The kind of attack is written in the attack_cat field. The label values of the entries are coherents with their attack_cat values.

The protocols and services use in an attack are more various than for a legitimate traffic.

Correlation matrix show that, for labelled entries, sttl and dttl fields does not have the same distributions as for unlabelled entries. There is correlation differences for some other fields too.
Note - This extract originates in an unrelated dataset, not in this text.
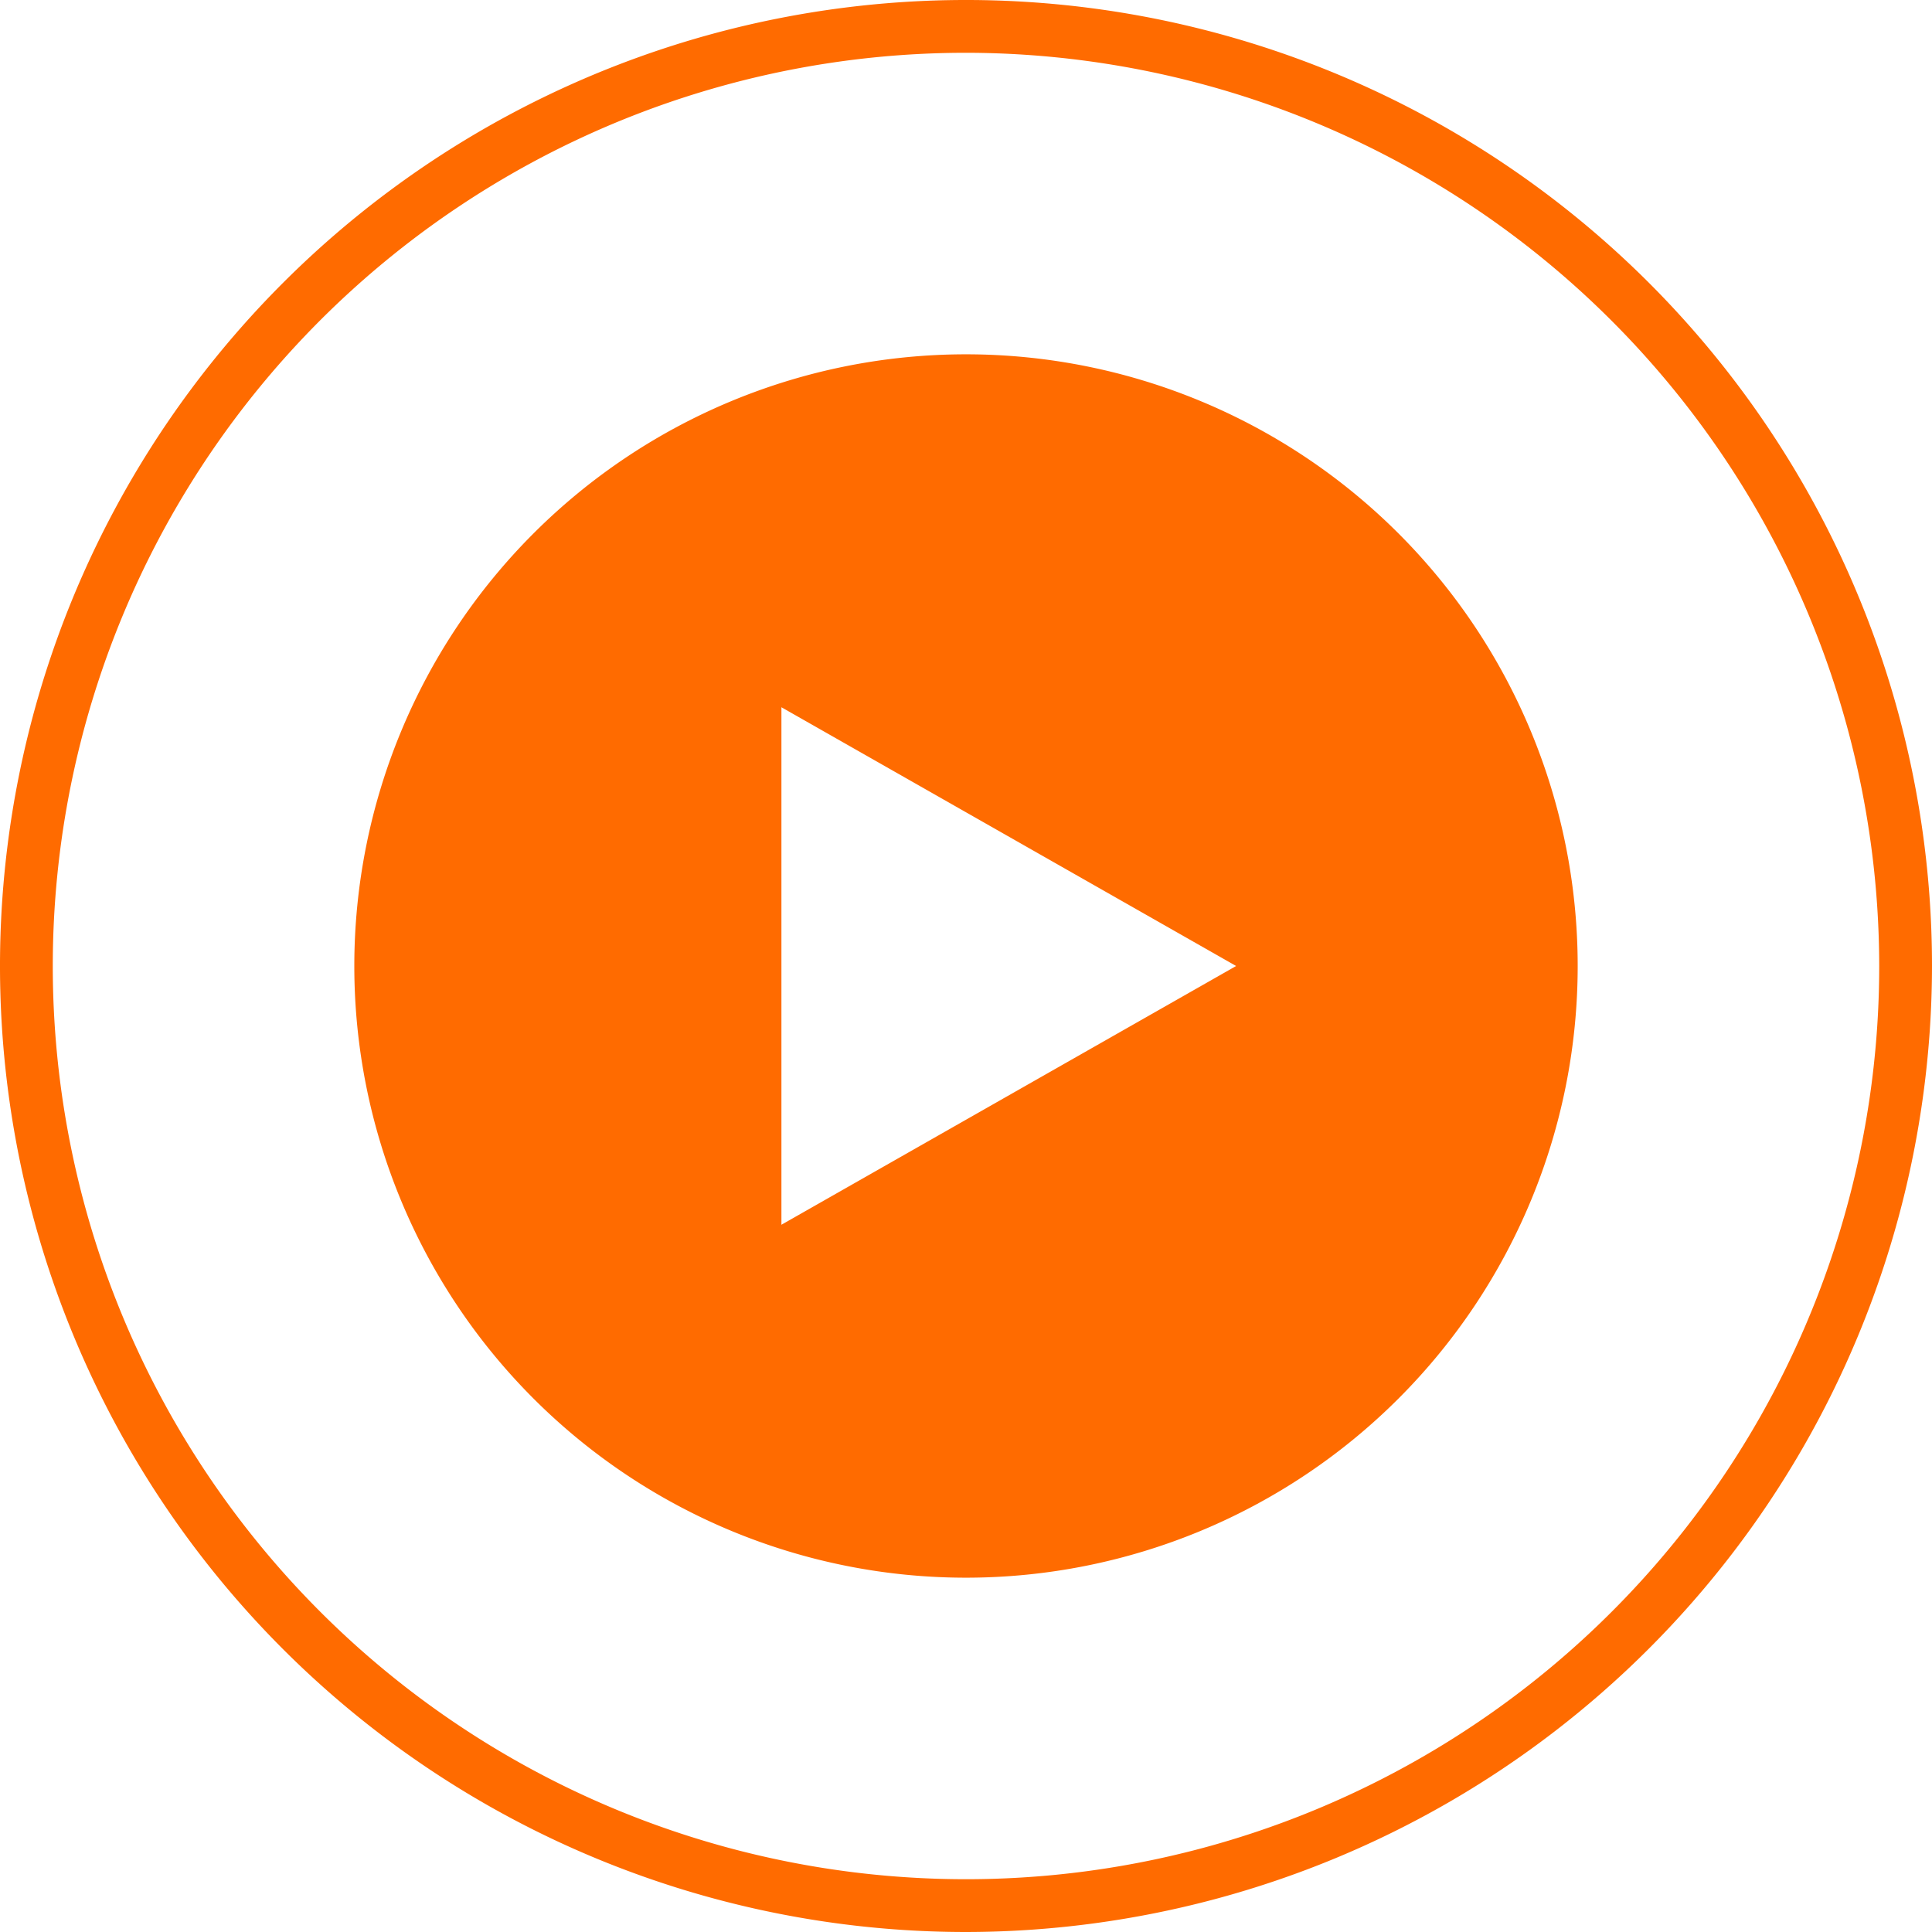<svg xmlns="http://www.w3.org/2000/svg" viewBox="0 0 56 56"><path d="M28 45.73A17.73 17.73 0 0110.27 28 17.73 17.73 0 0128 10.27 17.73 17.73 0 0145.73 28 17.73 17.73 0 0128 45.73zM56 28a28 28 0 10-28 28 28.03 28.03 0 0028-28zm-1.53 0A26.47 26.47 0 1128 1.53 26.5 26.5 0 0154.47 28zm-18.64 0l-13.18-7.5v15z" style="fill:#ff6b00"/></svg>

rate median is 118 for unlabelled entries and 100000 for labelled entries.

dttl median is 29 for unlabelled entries and 0 for labelled entries.

sttl median is 62 for unlabelled entries en 254 for labelled entries.

### 15.2. Draw the first conclusions

The entries contain normal and attack traffic, and seem correctly classified without identified bias. When aggregated according the label field, data have a different metrics profile.

### 15.3. Emit recommendations for enforcing the cybersecurity of the target system

We can use this data set to train machine learning classifiers, like XGBoost, in order to estimate a probability of attack on new entries.